Division of Cardiovascular Imaging, Department of Radiology and Radiological Science, Medical University of South Carolina, Charleston, South Carolina.
Division of Cardiovascular Imaging, Department of Radiology and Radiological Science, Medical University of South Carolina, Charleston, South Carolina.
Acad Radiol. 2022 Feb;29 Suppl 2:S108-S117. doi: 10.1016/j.acra.2021.02.007. Epub 2021 Mar 10.
Research on implementation of artificial intelligence (AI) in radiology workflows and its impact on reports remains scarce. In this study, we aim to assess if an AI platform would perform better than clinical radiology reports in evaluating noncontrast chest computed tomography (CT) scans.
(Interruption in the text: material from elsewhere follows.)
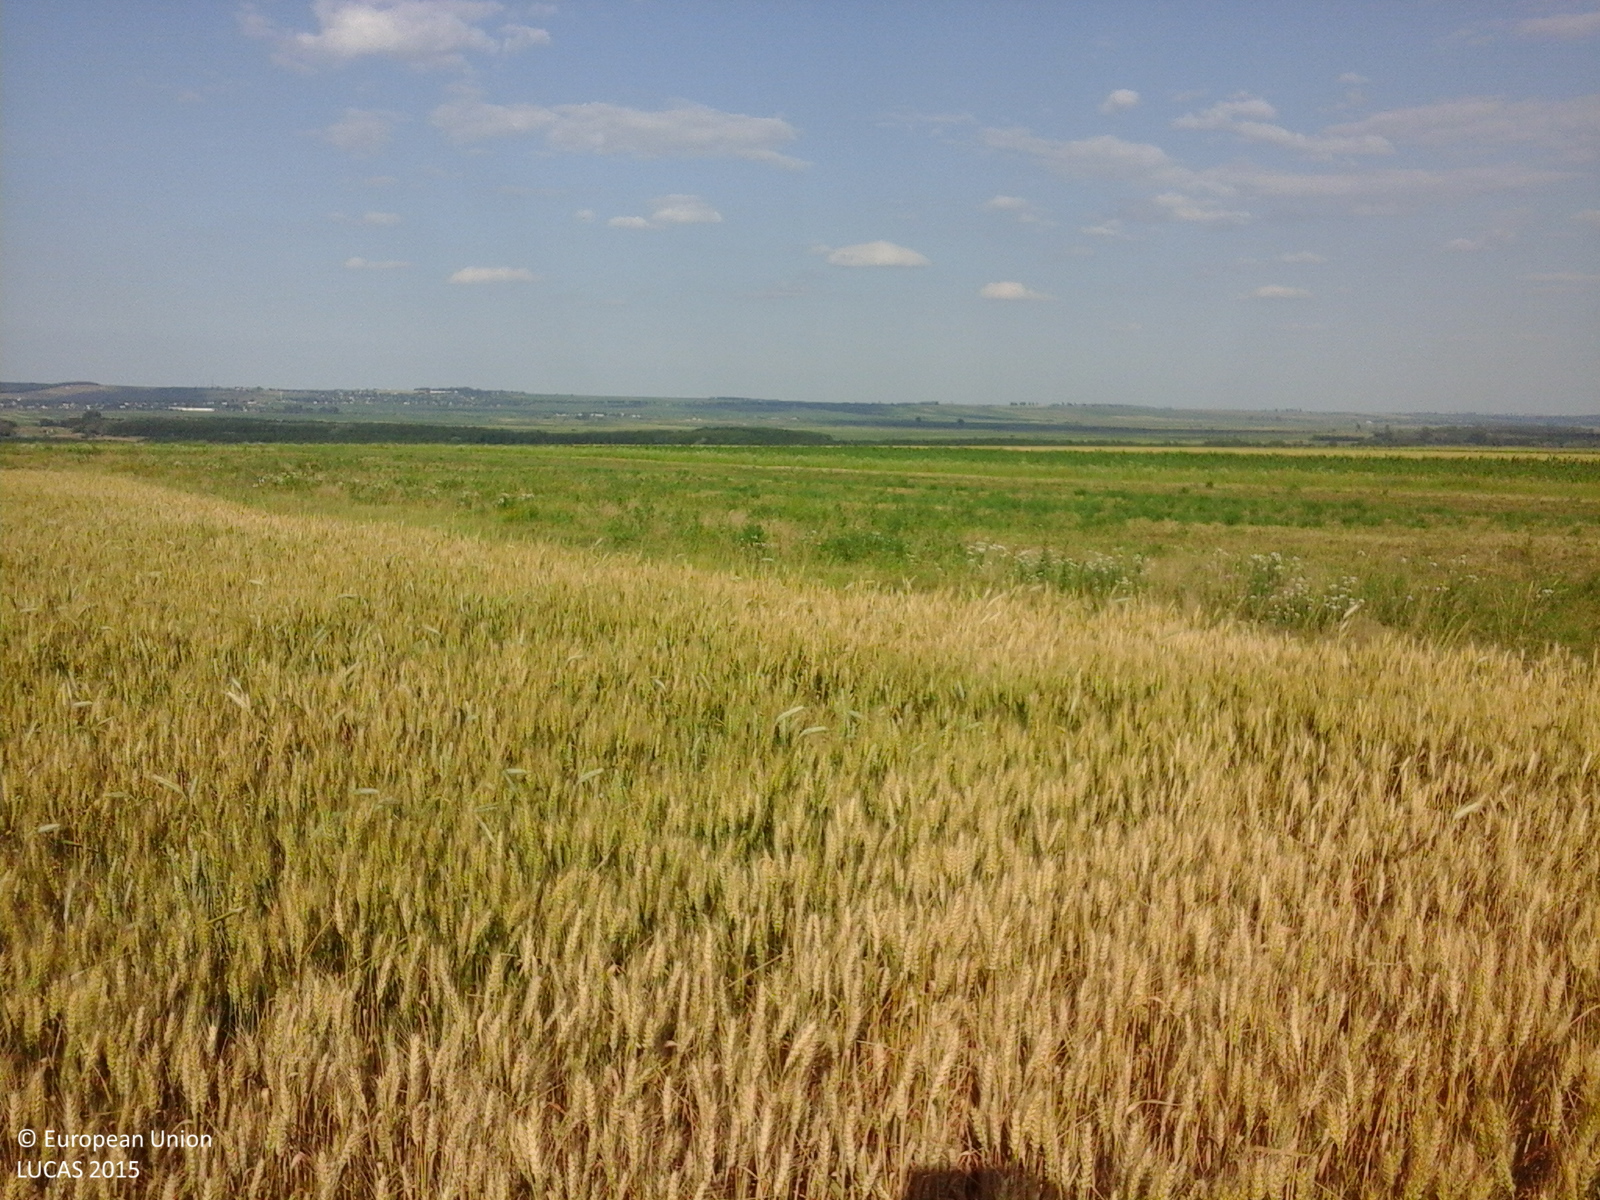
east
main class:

Consecutive patients who had undergone noncontrast chest CT were retrospectively identified. The radiology reports were reviewed in a binary fashion for reporting of pulmonary lesions, pulmonary emphysema, aortic dilatation, coronary artery calcifications (CAC), and vertebral compression fractures (VCF). CT scans were then processed using an AI platform. The reports' findings and the AI results were subsequently compared to a consensus read by two board-certificated radiologists as reference.
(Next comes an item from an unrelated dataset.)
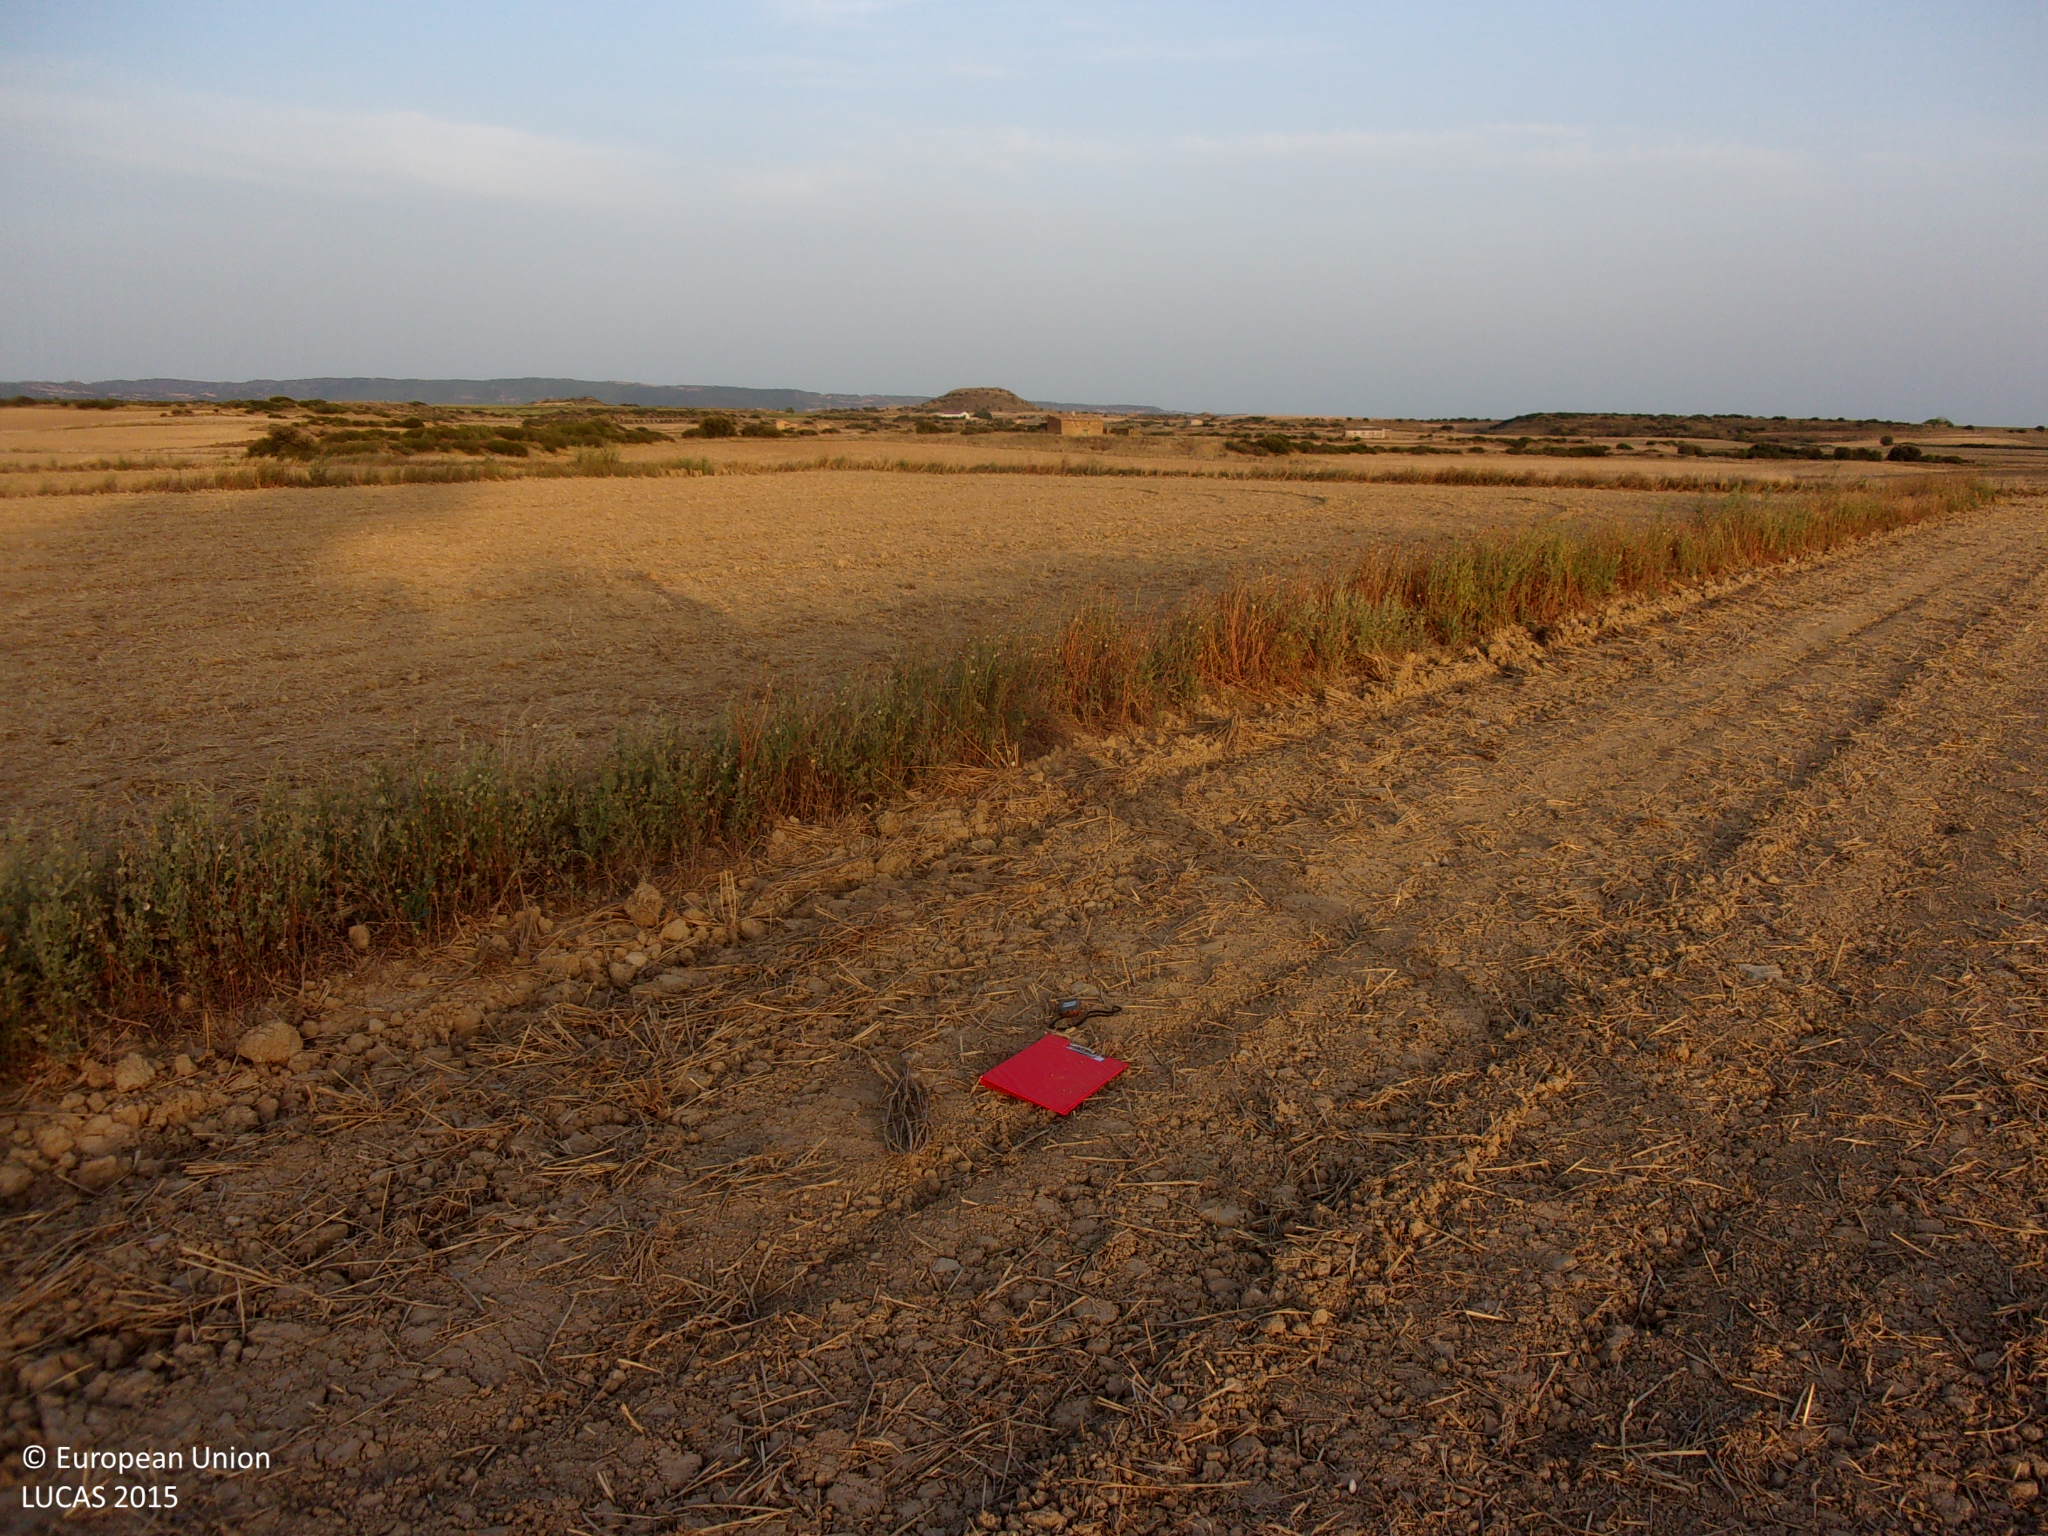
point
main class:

A total of 100 patients (mean age: 64.2 ± 14.8 years; 57% males) were included in this study. Aortic segmentation and calcium quantification failed to be processed by AI in 2 and 3 cases, respectively. AI showed superior diagnostic performance in identifying aortic dilatation (AI: sensitivity: 96.3%, specificity: 81.4%, AUC: 0.89) vs (Reports: sensitivity: 25.9%, specificity: 100%, AUC: 0.63), p <0.001; and CAC (AI: sensitivity: 89.8%, specificity: 100, AUC: 0.95) vs (Reports: sensitivity: 75.4%, specificity: 94.9%, AUC: 0.85), p = 0.005. Reports had better performance than AI in identifying pulmonary lesions (Reports: sensitivity: 97.6%, specificity: 100%, AUC: 0.99) vs (AI: sensitivity: 92.8%, specificity: 82.4%, AUC: 0.88), p = 0.024; and VCF (Reports: sensitivity:100%, specificity: 100%, AUC: 1.0) vs (AI: sensitivity: 100%, specificity: 63.7%, AUC: 0.82), p <0.001. A comparable diagnostic performance was noted in identifying pulmonary emphysema on AI (sensitivity: 80.6%, specificity: 66.7%. AUC: 0.74) and reports (sensitivity: 74.2%, specificity: 97.1%, AUC: 0.86), p = 0.064.
Our results demonstrate that incorporating AI support platforms into radiology workflows can provide significant added value to clinical radiology reporting.
关于人工智能(AI)在放射学工作流程中的实施及其对报告的影响的研究仍然很少。在这项研究中,我们旨在评估 AI 平台是否比临床放射学报告在评估非对比胸部 CT 扫描方面表现更好。
回顾性地确定了接受非对比胸部 CT 检查的连续患者。以二进制方式对放射学报告进行了评估,以评估肺病变、肺气肿、主动脉扩张、冠状动脉钙化(CAC)和椎体压缩性骨折(VCF)的报告情况。然后使用 AI 平台对 CT 扫描进行处理。报告的发现和 AI 结果随后与由两名认证放射科医生进行的共识阅读进行了比较作为参考。
本研究共纳入 100 例患者(平均年龄:64.2±14.8 岁;57%为男性)。AI 在 2 例和 3 例中分别未能成功处理主动脉分割和钙定量。AI 在识别主动脉扩张方面表现出优于报告的诊断性能(AI:敏感性:96.3%,特异性:81.4%,AUC:0.89)与(报告:敏感性:25.9%,特异性:100%,AUC:0.63),p<0.001;和 CAC(AI:敏感性:89.8%,特异性:100%,AUC:0.95)与(报告:敏感性:75.4%,特异性:94.9%,AUC:0.85),p=0.005。报告在识别肺病变方面的表现优于 AI(报告:敏感性:97.6%,特异性:100%,AUC:0.99)与(AI:敏感性:92.8%,特异性:82.4%,AUC:0.88),p=0.024;和 VCF(报告:敏感性:100%,特异性:100%,AUC:1.0)与(AI:敏感性:100%,特异性:63.7%,AUC:0.82),p<0.001。在识别肺气肿方面,AI(敏感性:80.6%,特异性:66.7%。AUC:0.74)和报告(敏感性:74.2%,特异性:97.1%,AUC:0.86)的诊断性能相当,p=0.064。
我们的结果表明,将 AI 支持平台纳入放射学工作流程可为临床放射学报告提供重要的附加价值。